Many other questions are raised in the book. Some were implied in a detailed television documentary which I produced and presented for Television One in November 2003. Titled Murder on the Blade?, it included an astonishing statement by the principal prosecution witness, the eyewitness without whose evidence neither arrest nor conviction would have been possible. This eyewitness told almost six hundred thousand viewing New Zealanders, categorically, that Scott Watson was the wrong man. He made it clear that he thought he had been tricked into a wrongful identification. The film also made clear the plain error by the Court of Appeal referred to above. So blatant were these allusions, and so crucially related were they to Watson’s conviction, that they demanded either investigation or rejection by the ‘System’. But beyond a claim by the leader of the investigating police team that the film revealed nothing new, the System was silent.

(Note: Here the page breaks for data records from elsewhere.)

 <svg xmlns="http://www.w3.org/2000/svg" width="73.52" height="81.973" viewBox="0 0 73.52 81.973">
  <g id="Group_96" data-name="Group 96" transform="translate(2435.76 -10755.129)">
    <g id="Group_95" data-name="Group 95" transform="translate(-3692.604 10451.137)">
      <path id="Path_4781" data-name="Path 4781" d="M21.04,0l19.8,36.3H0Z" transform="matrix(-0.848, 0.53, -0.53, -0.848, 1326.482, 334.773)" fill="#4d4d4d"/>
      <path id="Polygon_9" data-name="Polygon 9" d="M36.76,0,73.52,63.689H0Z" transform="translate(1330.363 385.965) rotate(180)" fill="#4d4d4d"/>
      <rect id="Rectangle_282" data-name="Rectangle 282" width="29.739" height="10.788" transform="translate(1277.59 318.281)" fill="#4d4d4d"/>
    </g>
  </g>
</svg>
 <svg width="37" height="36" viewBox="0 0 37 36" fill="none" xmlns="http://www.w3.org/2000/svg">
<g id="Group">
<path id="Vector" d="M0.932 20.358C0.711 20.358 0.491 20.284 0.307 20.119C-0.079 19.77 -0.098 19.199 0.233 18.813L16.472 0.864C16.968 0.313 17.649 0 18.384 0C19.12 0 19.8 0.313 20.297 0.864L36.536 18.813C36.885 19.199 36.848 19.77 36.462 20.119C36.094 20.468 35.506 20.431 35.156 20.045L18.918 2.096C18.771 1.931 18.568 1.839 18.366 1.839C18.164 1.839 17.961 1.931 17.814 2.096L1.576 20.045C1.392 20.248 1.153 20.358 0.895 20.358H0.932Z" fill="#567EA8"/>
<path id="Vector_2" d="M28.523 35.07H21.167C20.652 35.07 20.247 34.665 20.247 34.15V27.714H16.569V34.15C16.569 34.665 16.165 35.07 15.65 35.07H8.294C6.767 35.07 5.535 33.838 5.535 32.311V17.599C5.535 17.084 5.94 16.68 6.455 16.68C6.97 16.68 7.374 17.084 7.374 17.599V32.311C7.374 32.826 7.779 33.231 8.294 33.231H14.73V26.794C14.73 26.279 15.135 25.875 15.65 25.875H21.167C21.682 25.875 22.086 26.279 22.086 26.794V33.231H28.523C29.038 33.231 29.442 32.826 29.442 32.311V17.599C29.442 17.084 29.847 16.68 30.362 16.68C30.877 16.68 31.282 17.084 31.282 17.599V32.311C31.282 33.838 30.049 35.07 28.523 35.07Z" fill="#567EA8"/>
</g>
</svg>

And so this book is a sequel to the film, focused on the accusers instead of the accused, more detailed still and, I hope, incapable of misinterpretation. At its heart is an honest demand for an inquiry into an adversarial process of criminal litigation that is often condemned for encouraging the practice of law as a game in which victory goes to the most devious. It is addressed to you both individually and as our governing body, Members of Parliament, because it seems to me and many others that justice as practised in New Zealand often aims to address guilt but not innocence, to satisfy society’s need for order and not justice, and because you might appreciate that if you don’t do something about it, perhaps the hand that was dealt to Scott Watson will sometime be dealt to you.

You will see that there is little to be gained from asking the judicial system to investigate the matters raised in this book because it has already consistently refused to respond anyway. Nor is it appropriate to make that request now because it is the judicial system itself which is subject to questioning here. The accused cannot also be judge.

You will also see that the profound defamation and tunnel-visioned pursuit of Watson, for the rest of his life, has been entirely unearned. He has been stripped of his freedom and his reputation, wrongly defamed and unjustly treated at every stage of the judicial process, from police inquiry to Court of Appeal.

I have yet to meet or speak to Scott Watson. But I am confident he will approve the accuser’s boot being fitted to the other foot – his foot. When it suited the case against him, but only when it suited that case, he was cheaply labelled a liar by all of those who accused and judged him. The documentation does not support the label. He emerges from an inspection of it lie-free. Others do not. Charged by us all with studying and knowing the evidence and dispensing justice based upon it, none of his judges or accusers spoke in R v Watson without failing the truth. Sometimes the failures are demonstrable lies. It’s Watson’s turn now. On his behalf I ask for an open inquiry to determine why his accusers failed and if the failure is endemic.